Why nobody seems to have reported this

Searching bugs.kde.org turned up the usual suspects and none of them matched. Bug 246050 (Dolphin doesn't show new Blender thumbnails) was about adding the blender thumbnailer plugin in 2019, RESOLVED FIXED. Bug 393015 was about percent-encoding in Thumb::URI and is also fixed. There’s an open kio-extras merge request from 2020 (!16) that touches related code on the producer side, optimising to skip creating a normal/ entry when a large/ one already exists, which if anything makes this gap more common rather than fixing it.

We suspect the issue is unreported because most thumbnailers shipped with KDE write to the requested tier on demand, and the case where an application writes its own thumbnails directly into the freedesktop cache from outside KDE is uncommon. Blender does it. Once it does, Dolphin can’t see those entries unless the user happens to set a preview size in the matching tier. There’s no error, no fail marker, no log line, just blank icons.

What stands out in retrospect

Two things worth keeping from this session.

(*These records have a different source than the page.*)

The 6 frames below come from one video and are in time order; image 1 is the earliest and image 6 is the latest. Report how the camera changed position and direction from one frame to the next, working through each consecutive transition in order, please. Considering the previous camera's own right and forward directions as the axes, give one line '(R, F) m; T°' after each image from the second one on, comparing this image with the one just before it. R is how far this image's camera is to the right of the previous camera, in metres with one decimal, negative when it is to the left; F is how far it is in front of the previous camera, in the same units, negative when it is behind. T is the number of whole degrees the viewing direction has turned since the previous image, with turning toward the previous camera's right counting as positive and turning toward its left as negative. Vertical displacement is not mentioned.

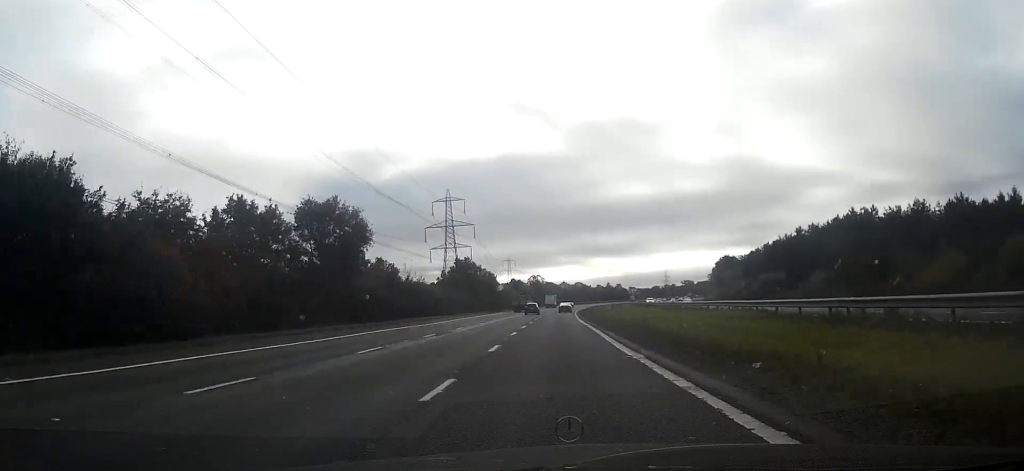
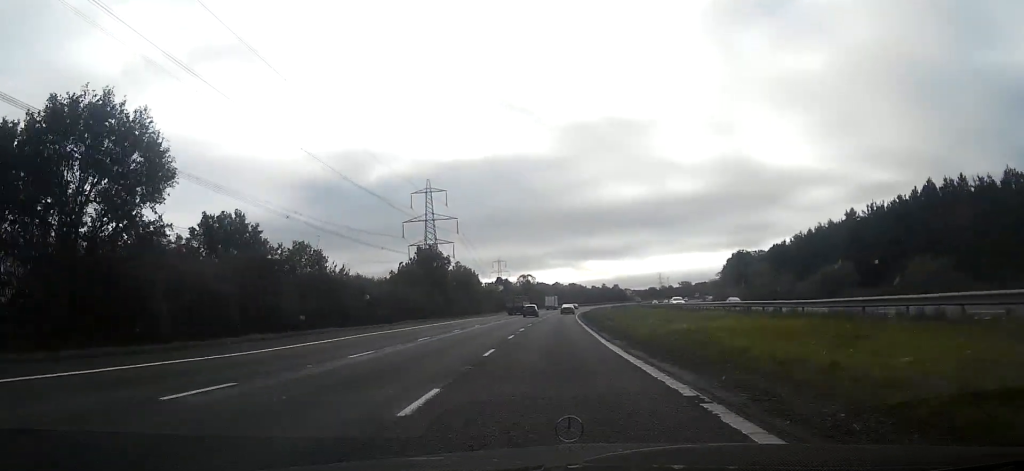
(+0.1, +26.3) m; +1°
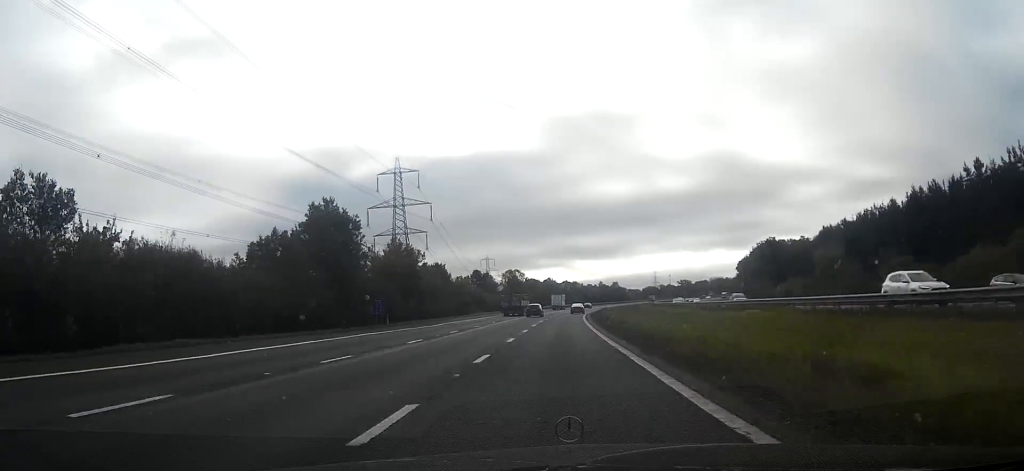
(+0.3, +36.1) m; +1°
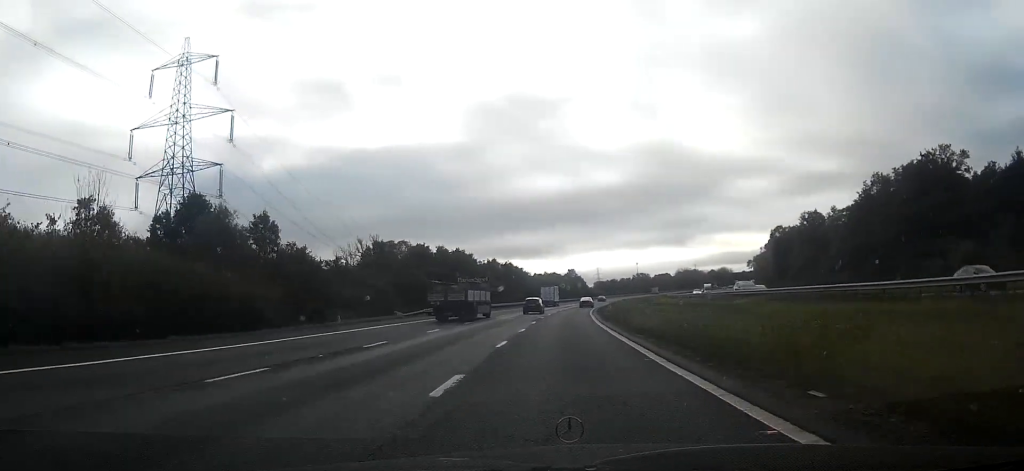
(+4.3, +99.1) m; +6°
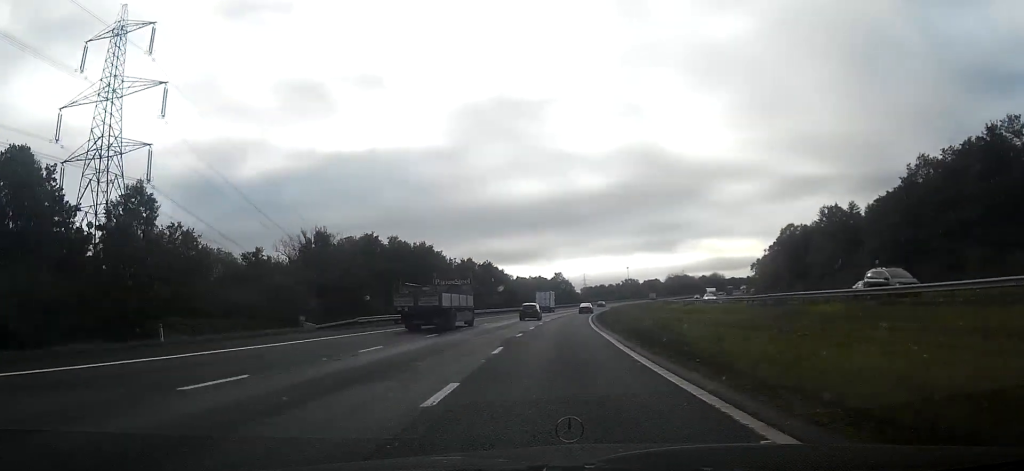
(+0.3, +17.3) m; +1°
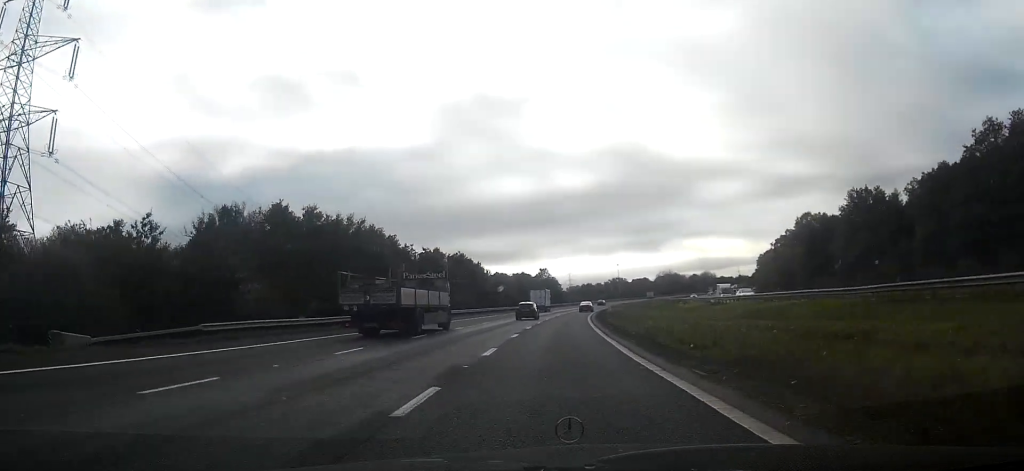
(+0.1, +18.4) m; +1°

First, the file-size theory looked airtight until we cross-referenced sizes against actual cache presence. The minute we did, it died. Verify a theory against the data you have on disk before going further with it. We knew this in principle. Doing it in practice saves time.

Second, the folder-icon observation was the single most valuable piece of evidence in the session, and it came as a passing comment, not from anything we’d asked for. A debugging partner who notices unrelated things adjacent to the question is worth a lot. The directorythumbnail aggregate behavior is technically documented if you know where to look, but it’s the kind of detail that gets framed as what the user sees rather than evidence of cache state, and we wouldn’t have thought to ask about it directly.

The bug, if filed, belongs against frameworks/kio: when FilePreviewJob finds nothing in its preferred tier, fall back to a larger one and downscale. The freedesktop spec doesn’t require producers to populate every tier and explicitly tells consumers to be prepared to downscale. KIO simply doesn’t.

For our own purposes, we’ve decided to do nothing. The previews appear at zoom levels we rarely use, and the folder icon already gives a usable hint of what’s inside. Some bugs are interesting to find and not worth fixing.